Munis de casques et de boucliers, ces policiers se sont dirigés dans le quartier commerçant de Mong Kok pour se débarrasser de certaines tentes et toiles installées à cet endroit. Selon les autorités, il n'est cependant pas question de forcer le départ des protestataires, qui font partie du même groupe campant, de l'autre côté de la baie de Victoria, dans le district financier de la ville.

La police a encerclé une trentaine de personnes qui n'ont pas résisté. Des haut-parleurs ont été employés pour demander aux gens de quitter le site, et on ne rapportait aucun heurt.

Jeudi, le leader de Hong Kong avait lancé de son côté un nouvel appel au dialogue avec les manifestants prodémocratie, mais la colère de la population face à la brutalité policière a compliqué les efforts pour en arriver à une issue.

Le chef de l'exécutif Leung Chun-ying a dit que son gouvernement était prêt à reprendre les pourparlers avec les manifestants dès la semaine prochaine, tout en leur demandant d'être raisonnables et en prévenant que Pékin ne changera pas de position quant au déroulement des prochaines élections.

On se demande donc si cette nouvelle ouverture suffira à combler le gouffre béant qui sépare les deux camps.

Alex Chow, de la Fédération des étudiants de Hong Kong, a applaudi la proposition de M. Leung, tout en dénonçant les préconditions imposées par le gouvernement.

Plusieurs résidants de Hong Kong ont été estomaqués par des images filmées tôt mercredi et qui semblent montrer des policiers brutalisant un manifestant dont les mains sont menottées dans son dos. Les sept policiers, qui ont été suspendus, et des centaines de leurs collègues tentaient depuis deux jours de dégager un passage souterrain occupé par les manifestants près du siège du gouvernement.

M. Leung a indiqué que des émissaires du gouvernement ont communiqué avec les leaders étudiants pour essayer de relancer le dialogue.

Les manifestants occupent plusieurs rues importantes de la ville depuis le 26 septembre. Ils réclament des mises en candidature libres en vue du scrutin de 2017, et non uniquement des candidatures autorisées par Pékin, en plus de la démission de M. Leung.
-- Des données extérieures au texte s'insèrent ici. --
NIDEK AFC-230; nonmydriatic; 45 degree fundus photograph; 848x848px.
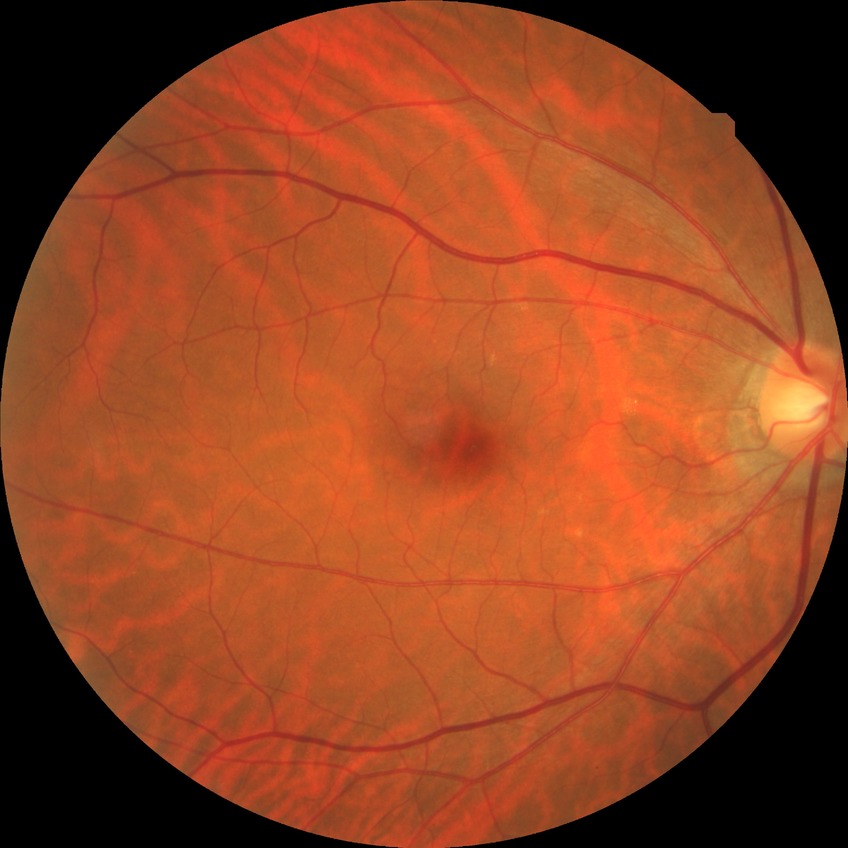
Diabetic retinopathy (DR) is no diabetic retinopathy (NDR).

M. Leung n'a pas directement répondu aux questions quant à savoir à quel moment la police pourrait intervenir pour chasser les manifestants. Il a toutefois prévenu que le mouvement de désobéissance civile, s'il a été toléré jusqu'à présent, ne pourra se poursuivre indéfiniment.

«À l'avenir, nous ne pourrons tolérer que l'occupation des rues ait un impact négatif sur la société de Hong Kong. La police aura recours à des méthodes appropriées pour régler ce problème», a-t-il dit.

Les dirigeants ont irrité les manifestants quand ils ont subitement annulé les discussions prévues la semaine dernière, sous prétexte que les pourparlers n'auraient aucune issue positive.

M. Leung a répété que la position de Pékin face aux mises en candidature ne changerait pas.

«Pendant la deuxième période de consultations, on peut encore entendre les positions de chacun. On peut encore discuter de la formation exacte du comité de nomination», a-t-il dit.

Pékin se fait de plus en plus impatient face aux manifestations, qui représentent la plus importante contestation de son autorité dans la ville depuis que la Chine a pris le contrôle de l'ancienne colonie britannique en 1997.

Rien ne permet toutefois de croire que le gouvernement central chinois s'apprête à intervenir directement dans le conflit.